Hylton’s appeal falls squarely under Torres. He attempts, however, to distinguish Torres by alleging that the IJ committed multiple legal errors that, “in their totality,” rendered his removal proceedings fundamentally unfair. Regardless of the number of alleged legal errors, the result of those errors—the IJ’s failure to consider him for § 212(c) relief—presents the same situation as was presented in Torres.

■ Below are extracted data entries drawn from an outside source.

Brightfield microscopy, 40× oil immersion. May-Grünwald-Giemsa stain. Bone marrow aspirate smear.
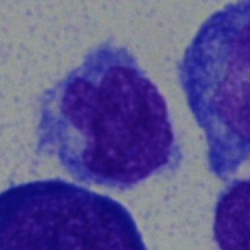Q: What type of cell is this?
A: A monocyte.
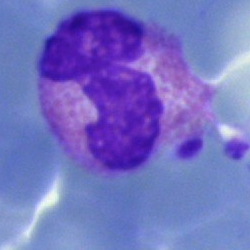 Impression — eosinophilic granulocyte.
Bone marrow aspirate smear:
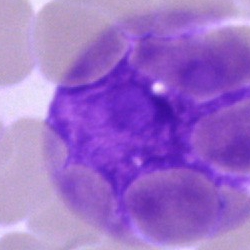
Impression — artefact.
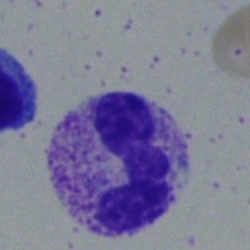

Cell = band-form neutrophil.
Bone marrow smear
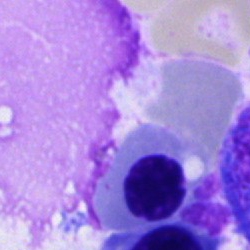Specimen: bone marrow smear.
Cell type: normoblast.
Lineage: erythroid.
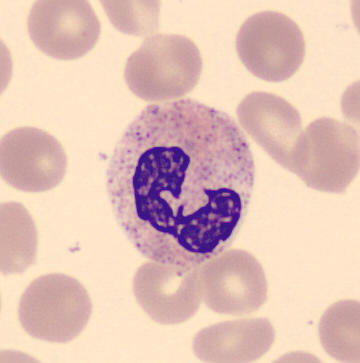Morphological class = polymorphonuclear neutrophil.
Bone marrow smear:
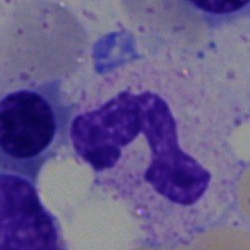

The cell shown is a polymorphonuclear neutrophil.
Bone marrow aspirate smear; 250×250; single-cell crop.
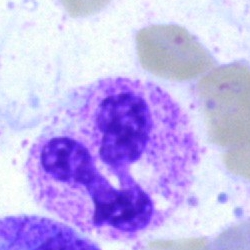 {"cell_type": "segmented neutrophil", "lineage": "myeloid"}
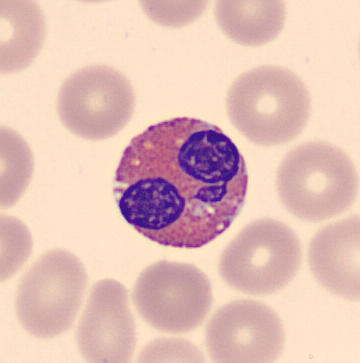This is an eosinophil.
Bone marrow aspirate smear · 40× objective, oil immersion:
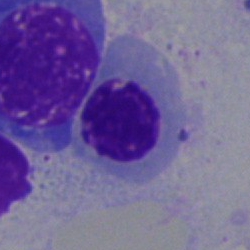

Classification: erythroblast.
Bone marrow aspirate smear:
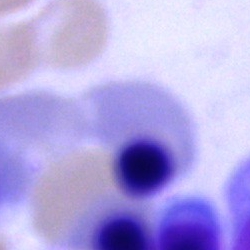
Impression → nucleated red cell.
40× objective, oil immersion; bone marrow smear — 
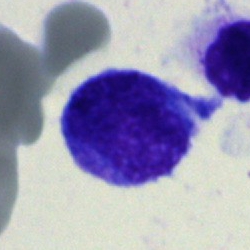Q: What type of cell is this?
A: It is an undifferentiated blast.
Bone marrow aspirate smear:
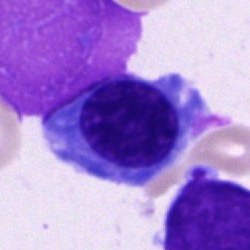Impression — nucleated red blood cell.
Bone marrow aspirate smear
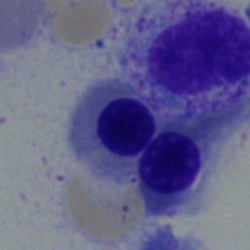
{"cell_type": "normoblast"}
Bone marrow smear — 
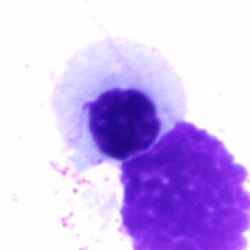
Classification: erythroblast.
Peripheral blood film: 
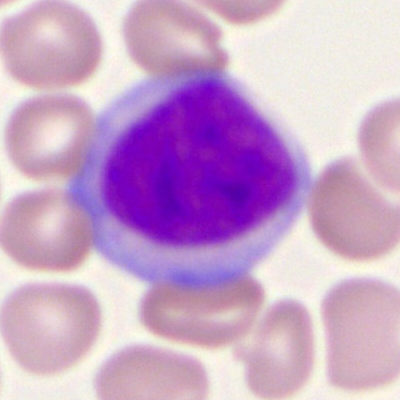
Morphology → myeloid blast.
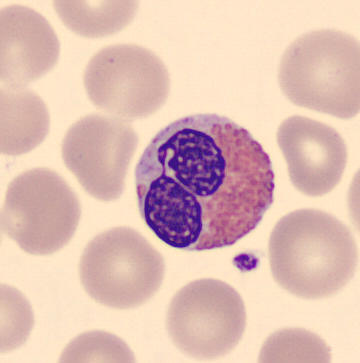
Cell = eosinophilic granulocyte.
Acquisition: Peripheral blood smear.
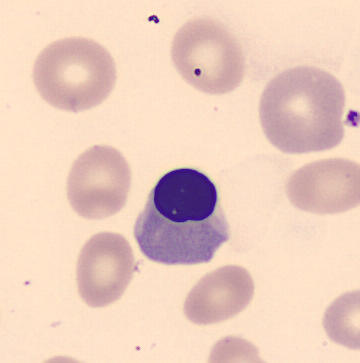
Q: What is the morphological classification of this cell?
A: This is a normoblast.
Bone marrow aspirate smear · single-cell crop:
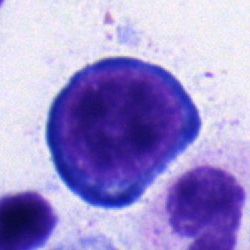Pronormoblast.
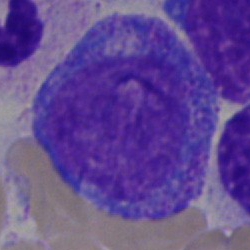 Morphology — promyelocyte.
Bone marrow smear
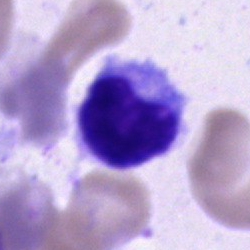Specimen: bone marrow aspirate smear.
Cell: typical lymphocyte.
Lineage: lymphoid.
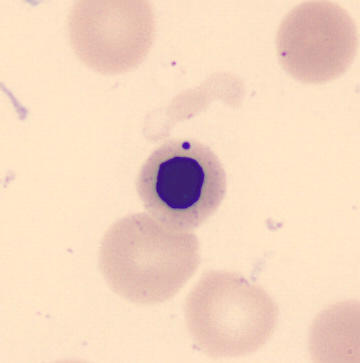Image: Peripheral blood smear; single-cell crop; CellaVision DM96.

The morphological class is erythroblast.
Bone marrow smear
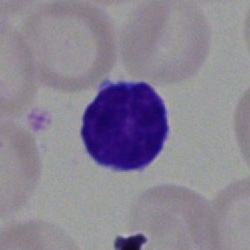Showing a typical lymphocyte.
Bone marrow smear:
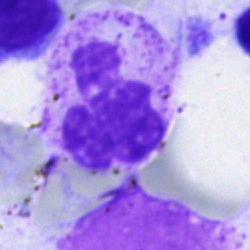
This is a polymorphonuclear neutrophil.
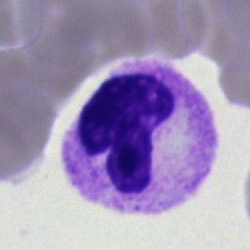
Impression → polymorphonuclear neutrophil.
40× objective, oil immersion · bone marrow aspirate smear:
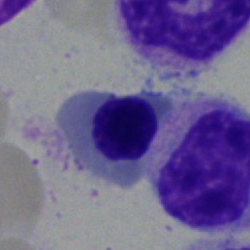{"cell_type": "normoblast"}
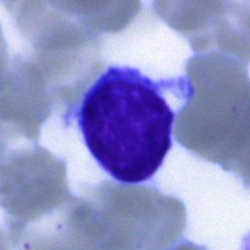 Q: Which cell type is shown here?
A: Typical lymphocyte.
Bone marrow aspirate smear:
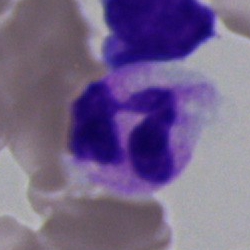

Cell type = neutrophil (segmented).
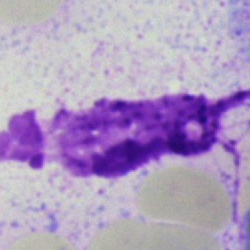

Showing an artifact.
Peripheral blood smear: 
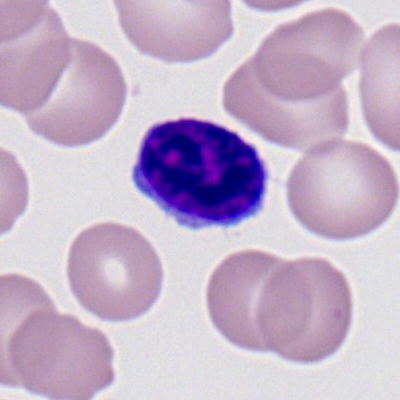

Specimen: peripheral blood film.
Cell type: lymphocyte.
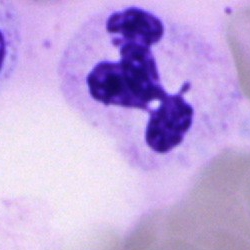 Q: Which cell type is shown here?
A: Segmented neutrophil.
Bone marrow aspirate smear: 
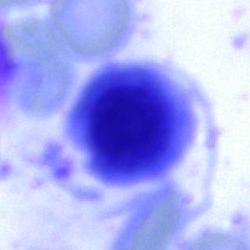

{"cell_type": "cell of indeterminate lineage"}
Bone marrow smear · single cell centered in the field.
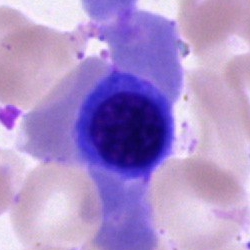
A normoblast.
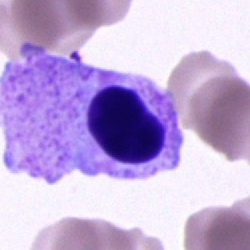
An artifact.
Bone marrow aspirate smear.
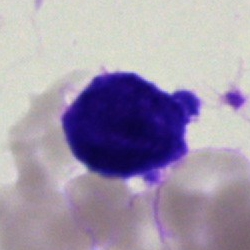
{"cell_type": "blast cell"}
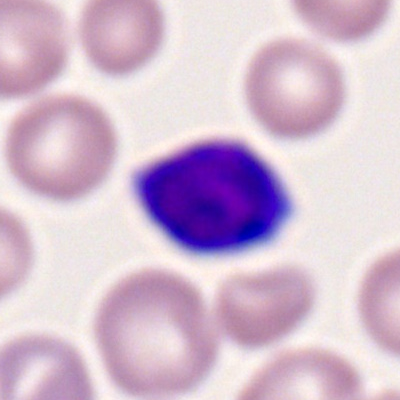

Impression → typical lymphocyte.
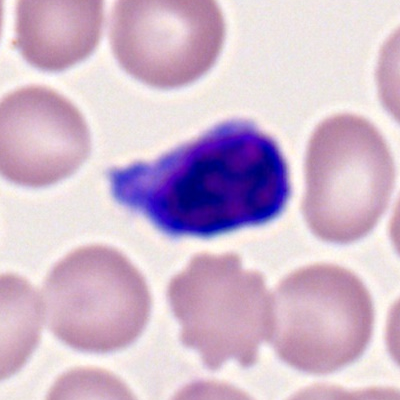

{"cell_type": "typical lymphocyte", "lineage": "lymphoid"}
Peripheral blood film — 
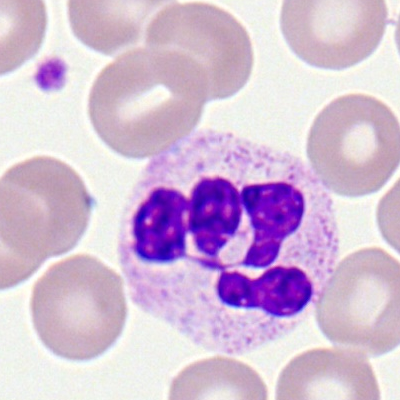 {"cell_type": "polymorphonuclear neutrophil", "lineage": "myeloid"}
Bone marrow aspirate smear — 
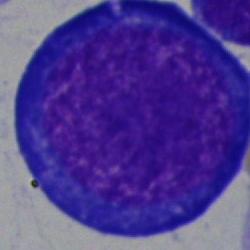A proerythroblast.
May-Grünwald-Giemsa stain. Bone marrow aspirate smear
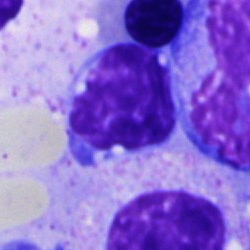 Specimen: bone marrow smear.
Classification: lymphocyte.
Lineage: lymphoid.
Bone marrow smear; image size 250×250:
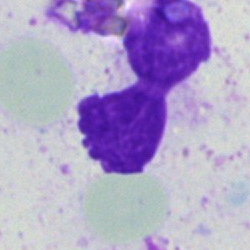Q: What is shown here?
A: An artifact.
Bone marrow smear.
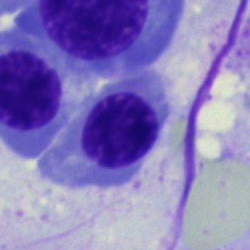 Classification = nucleated red cell.
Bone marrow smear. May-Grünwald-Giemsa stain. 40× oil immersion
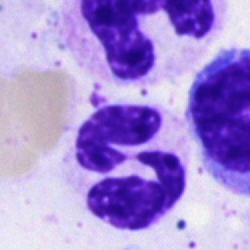Specimen: bone marrow aspirate smear.
Morphological class: segmented neutrophil.
Lineage: myeloid.
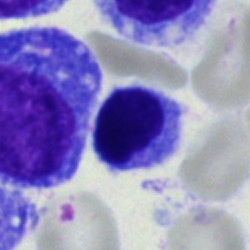 The cell type is lymphocyte.
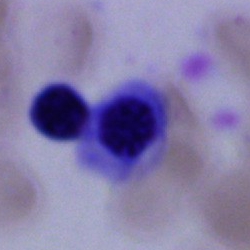

Single-cell crop from a bone marrow smear: nucleated red cell.
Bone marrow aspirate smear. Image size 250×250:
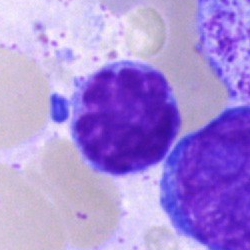

The cell shown is a typical lymphocyte.
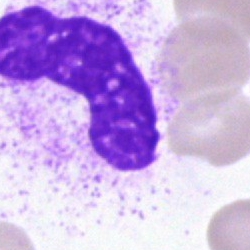 The classification is artefact.
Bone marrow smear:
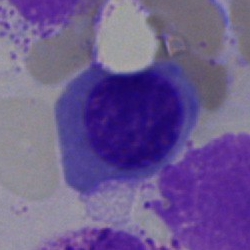
This is a nucleated red cell.
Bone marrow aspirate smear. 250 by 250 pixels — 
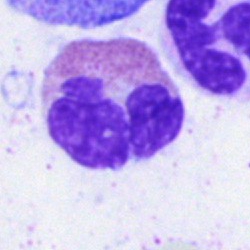

Q: What is shown here?
A: This is an eosinophil.
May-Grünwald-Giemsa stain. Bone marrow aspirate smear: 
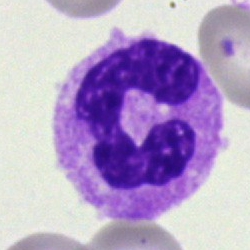 The cell type is neutrophil (segmented).
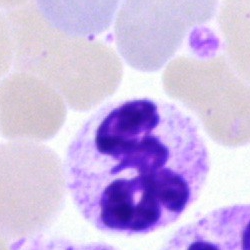 Q: What type of cell is this?
A: This is a segmented neutrophil.
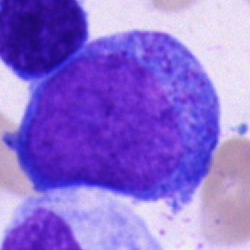
Q: What type of cell is this?
A: A promyelocyte.
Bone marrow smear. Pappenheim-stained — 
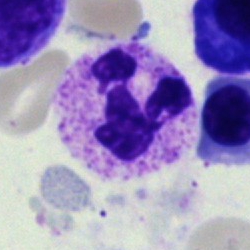Morphology → polymorphonuclear neutrophil.

Although Hylton argues that the IJ’s legal errors “went to the ‘question of procedure’ and the opportunity to be heard ‘in a meaningful manner’ ” (Appellant’s Br. 60), the only harm he can point to is the failure to be considered for § 212(c) relief, which under Torres is insufficient to render his proceedings fundamentally unfair. 5
*425 Hylton received “(1) notice of the charges against him, (2) a hearing before an executive or administrative tribunal, and (3) a fair opportunity to be heard.” Torres, 383 F.3d at 104. Accordingly, the requirements of due process were met and his removal proceedings were not fundamentally unfair. 6
IV
For the foregoing reasons, we will affirm the order of the District Court.
. The INS issued an Order to Show Cause ("OSC”) on July 31, 1996 and served the OSC on Hylton on September 5, 1996.